How does a pointer to the constant pointer of the first element of an array work?

Question

I wanted to test if I could change the constant pointer that points to the first element of an array in C. While testing I got some strange output that I don't understand:

//Constant pointer to pointer to constant value
void test(int const * * const a) {
    //printf("%d", **a); //Program crashes (2)
    (*a)++;
}

int main()
{
    int a[5] = { 1,2,3,4,5 }; 
    test(&a);
    printf("%d", *a); //Prints 5 as output (1)

    return 0;
}

I expected the compiler to give an error when I try to compile (*a)++ but instead I can run the code, but when I try to print the element I get a strange value (1).

Then I wanted to print out the value (2) of the first element of the array. When I tried this, the program crashes.

Answer 1

The program crashes at the printf because test assumes that when it dereferences a the resulting object is a pointer. If it were one and contained a valid address, the second dereferencing would yield an int object. Alas, a contains the address of the array, which is numerically the address of its first element. The 4 or 8 bytes there are considered an address (because test thinks that *a is a pointer) and the code then tries to access the memory at address 1 in order to print the int value assumed at that address.

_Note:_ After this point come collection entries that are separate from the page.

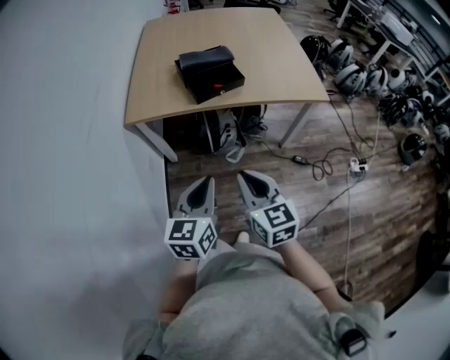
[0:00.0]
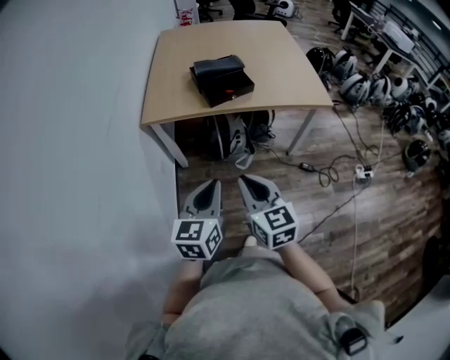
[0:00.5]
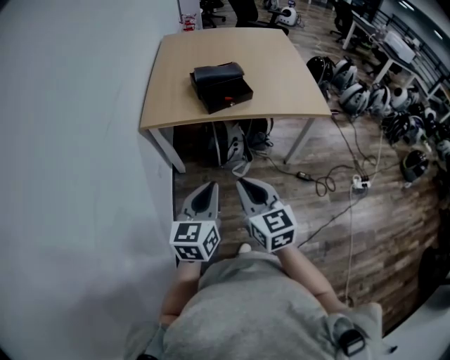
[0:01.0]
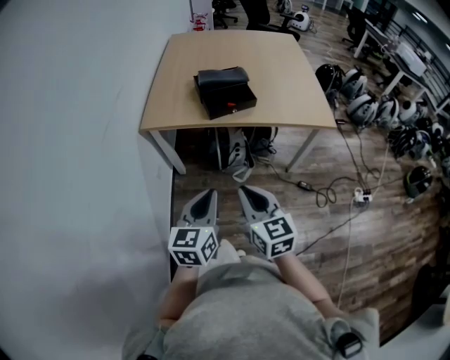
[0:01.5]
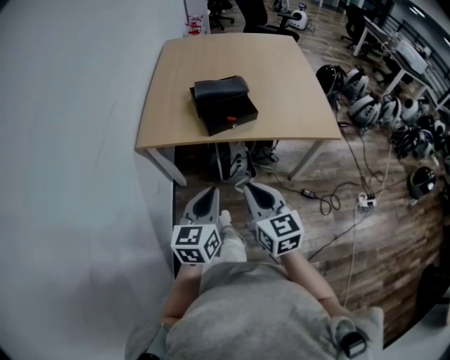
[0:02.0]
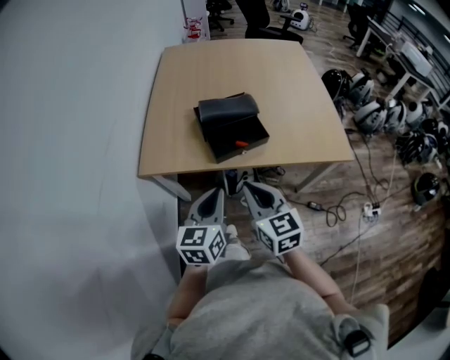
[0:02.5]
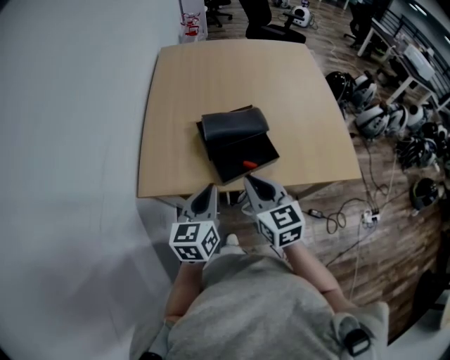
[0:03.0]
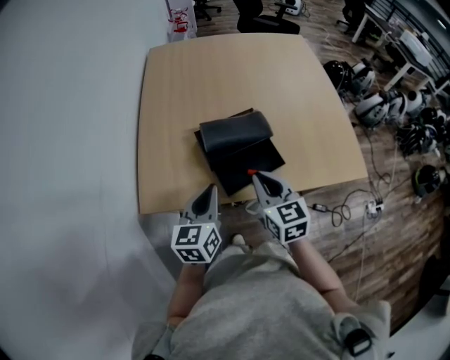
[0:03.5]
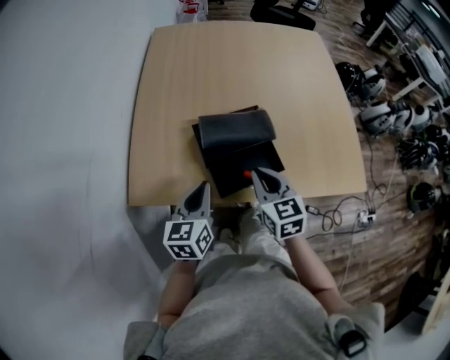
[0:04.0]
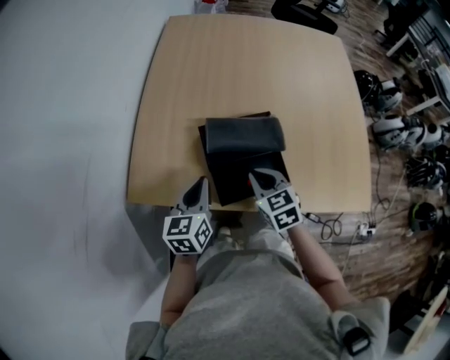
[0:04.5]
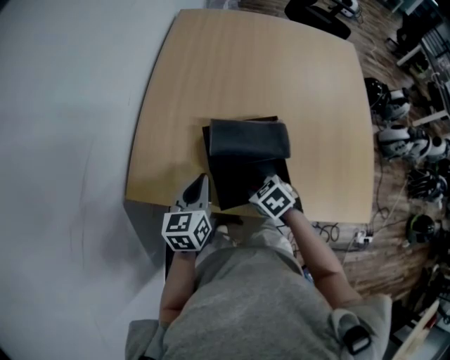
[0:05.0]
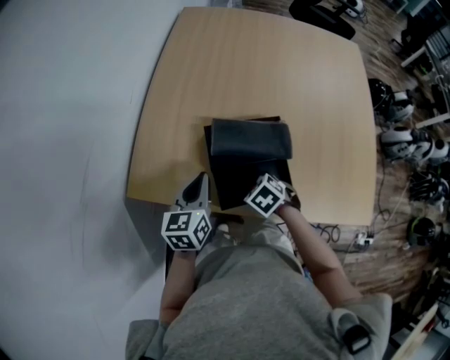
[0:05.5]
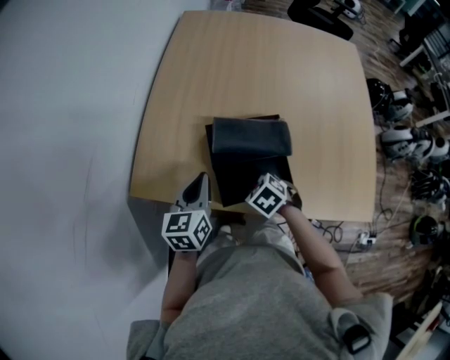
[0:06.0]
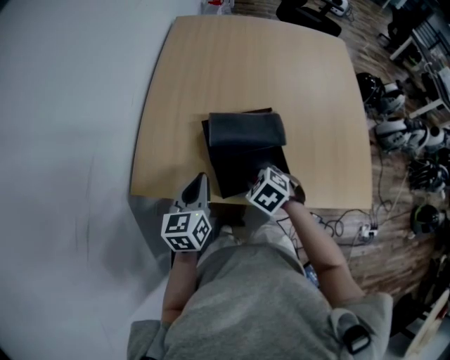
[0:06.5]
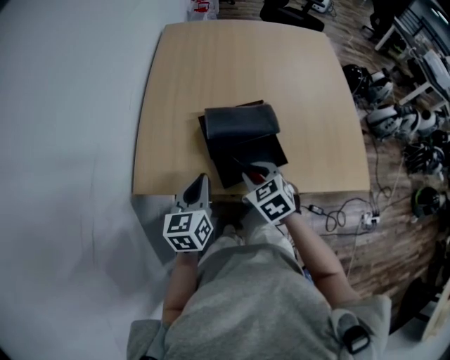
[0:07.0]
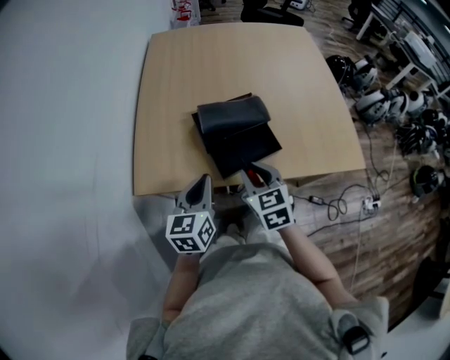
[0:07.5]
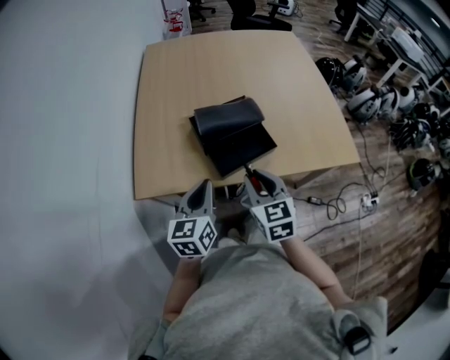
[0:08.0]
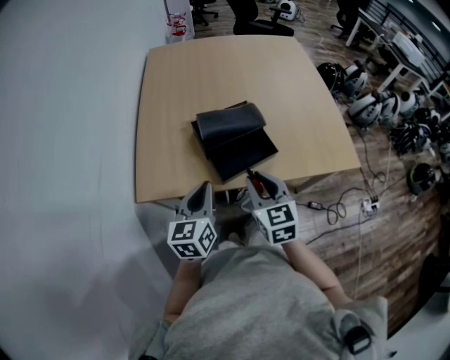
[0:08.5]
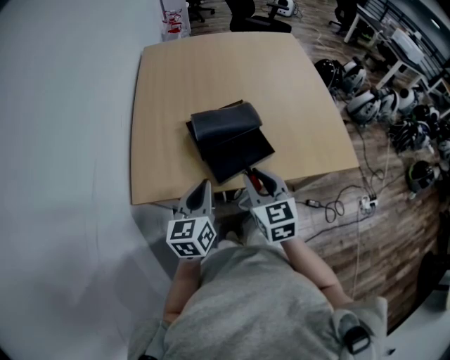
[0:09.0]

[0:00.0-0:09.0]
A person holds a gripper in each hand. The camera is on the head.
0.0 to 2.0 s: The two grippers go approximately 5 cm forward.
2.0 to 4.5 s: The two grippers travel together, forward, about 40 cm. The right gripper rotates about 30 degrees.
4.5 to 7.0 s: Both grippers travel together backward, roughly 5 cm. The right gripper goes downward and returns, roughly 10 cm each way.
7.0 to 9.0 s: The left gripper shifts by some 5 cm. The right gripper shifts about 10 cm upward and backward, and turns by roughly 30 degrees.

The address is invalid though, so the program crashes.

Now that we have established that the program considers the data at the beginning of the array a pointer to int, we know what (*a)++ does: it increments the value there by sizeof(int) so that the "pointer" point to the next int "element". I guess an int on your machine is 4 bytes long because 1+4=5, which is printed.

Answer 2

By doing &a you are making a pointer to an array ( int (*)[] ).

Then when this pointer to array is passed to the test function, it's converted to a pointer to a pointer( int ** );

Then (*a)++; is UB.

1. So why 5?

On modern implementation of C like GCC, pointer to a array has the same numerical value as the beginning of the array, so is the address value when the array decays to a pointer: they all are the beginning address of the array.

So, in test , int **a points to the beginning of the array, (*a)++ deferences the pointer as int * and increment the pointer by 1 int element, which is usually implemented as adding the sizeof(int) to the numerical value of the pointer.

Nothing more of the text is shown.